Misfiring Arsenal show none of the old fight, writes James Olley

This is what a lack of clarity looks like. This is what a team bereft of identity looks like, flaws ruthlessly exposed by one moulded irrevocably, irresistibly in an elite manager’s image.

Comparing Arsenal and Manchester City feels almost cruel on Freddie Ljungberg in the circumstances, given the visitors are the finished article, albeit one aiming to prove their dominance has not passed as Liverpool pull away at the Premier League summit.

And what is he supposed to do? The squad had become insubordinate and divided under Unai Emery. And Ljungberg, who let’s not forget was part of the coaching staff that suffered that undignified mutiny, has had no authority to implement any significant change.

 

By his own admission, the 42-year-old is working from game to game.
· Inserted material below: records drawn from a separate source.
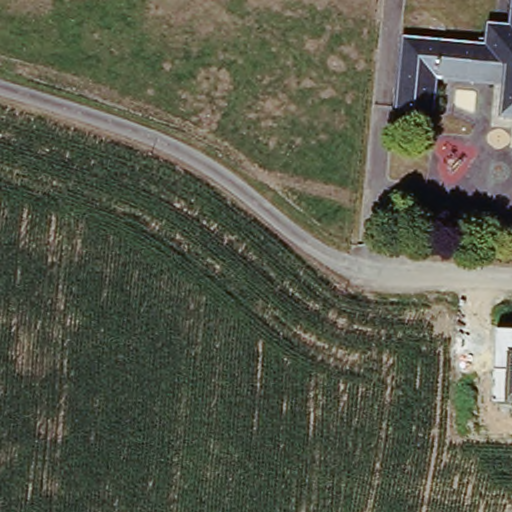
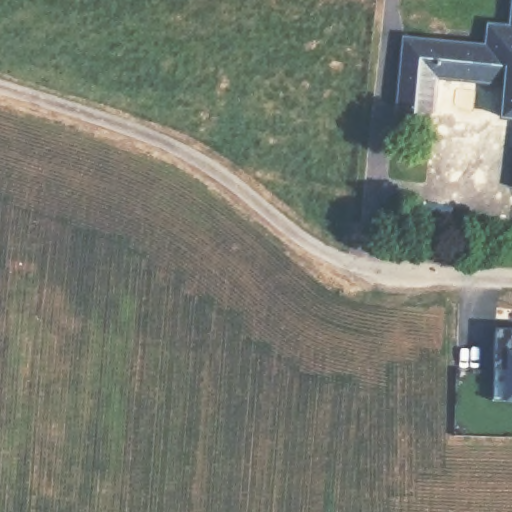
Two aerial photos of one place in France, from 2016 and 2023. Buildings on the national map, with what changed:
unchanged [(510,86),(441,84),(439,114),(403,111),(407,42),(487,47),(488,23),(509,24),(510,0),(512,0),(512,118),(508,118),(510,86)]
unchanged [(512,403),(493,402),(497,329),(512,330),(512,403)]

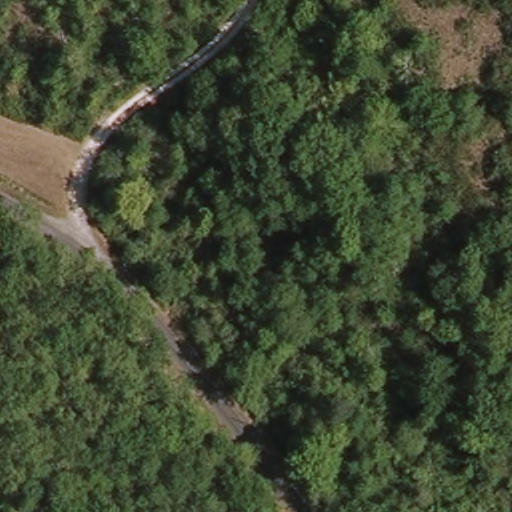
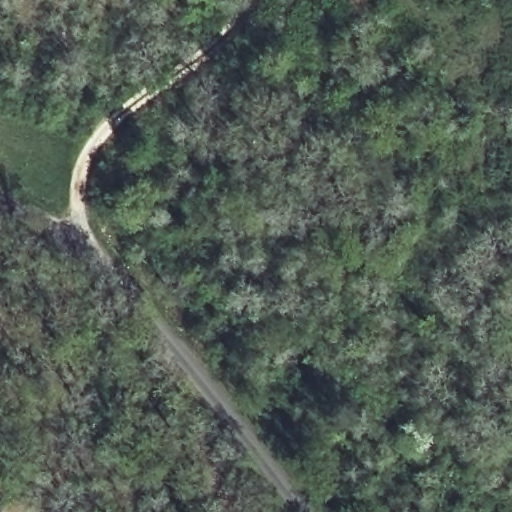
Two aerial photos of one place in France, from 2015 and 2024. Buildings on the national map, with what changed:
[]

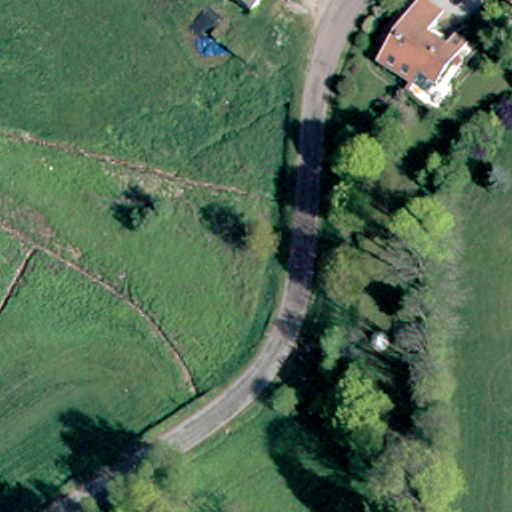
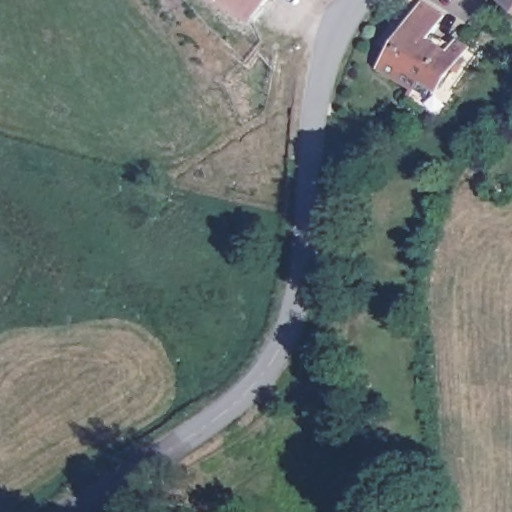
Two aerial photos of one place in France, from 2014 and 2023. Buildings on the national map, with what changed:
unchanged [(235,0),(272,0),(260,17),(235,0)]
unchanged [(384,60),(424,9),(431,0),(432,0),(454,17),(447,26),(436,41),(453,55),(461,47),(473,57),(441,96),(427,84),(421,91),(384,60)]
unchanged [(509,0),(512,0),(512,2),(509,0)]

After his first match against Norwich on December 1, Ljungberg stated he was hoping to bring in his own coaching staff, yet two weeks later that has not come to pass.

The fixture list has denied him any prolonged period to alter the team’s set-up on the training ground, relying instead on the sort of video analysis work that many players grew tired of under Emery.

This situation, in part, explains why there was no hostility at full-time, no real vitriol aimed at the dugout, no vociferous targeting of an individual player, even when Mesut Ozil produced a passable Granit Xhaka impression by walking off slowly at 3-0 down before kicking his vacated gloves into the air in another petulant moment which invites further questions about his ­attitude.

 

Anger has been replaced by apathy, just as was the case at the end of Arsene Wenger’s reign. The acceptance of ­inferiority signposts the depth of the slump at this once proud club.

Kevin De Bruyne put the ­Gunners to the sword with two superb finishes either side of an assist for Raheem ­Sterling to score City’s second. City played the second half at a canter, like a cat toying with a mouse.

Decisive action needs to be taken at Arsenal, not because of these 90 ­minutes but the underlying causes. Standard Sport revealed earlier this month that the club are keen to give Ljungberg an extended run at the job, but they have not given him the tools or the public backing to make a decent fist of it.

In any case, the Swede may not be up to the task — there were certainly mixed views internally of the job he did with the Under-23s — but Arsenal must choose whether to back him over the Christmas period or target their ­preferred candidate and make the offer immediately.

If Ljungberg remains in charge, there can be no complaints at Everton on Saturday. He will have had a clear week to work with the group and at Goodison Park another temporary manager revered as a former player will be lying in wait.
The galvanising effect Duncan Ferguson has had on the Everton players certainly puts Ljungberg’s one win from five games into sharp focus. Yet, even Ljungberg is baying for some direction from the club’s hierarchy.

“As I’ve said to the club, it’s a great, great honour to do this,” he said. “Of course, Per [Mertesacker] is the ­academy manager and he’s doing two jobs in one go.
“I think it needs clearing up to make a decision so that everybody knows. That’s something I’ve said. It’s totally up to the club. I’m very honoured and trying to do things as well as I can, but I think that it would be good to make a decision, regardless of what it is.”

Director Josh Kroenke, head of ­football Raul Sanllehi and ­technical director Edu strode towards the home dressing room 20 minutes or so after the final whistle with solemn expressions as celebratory music blared from City’s.

The gulf between these two sides at present is enormous, one widened by the overt financial largesse that has fast-tracked City’s success and the ­financial conservatism that embodies Arsenal’s self-sustainable model.

For that model to be successful, a clear vision for success needs to be identified and executed, acting shrewdly due to a modest budget to assemble a tightly-knit squad whose strength of will enables them to become more than the sum of their parts. That description is a world away from where Arsenal are now.

 

“Moving on from Wenger was always going to be difficult, given the club was defined by a once-great revolutionary that the game then left behind in his latter years. 
City reminded everyone here that redefining the Gunners to compete in the modern-day game remains the most pressing challenge.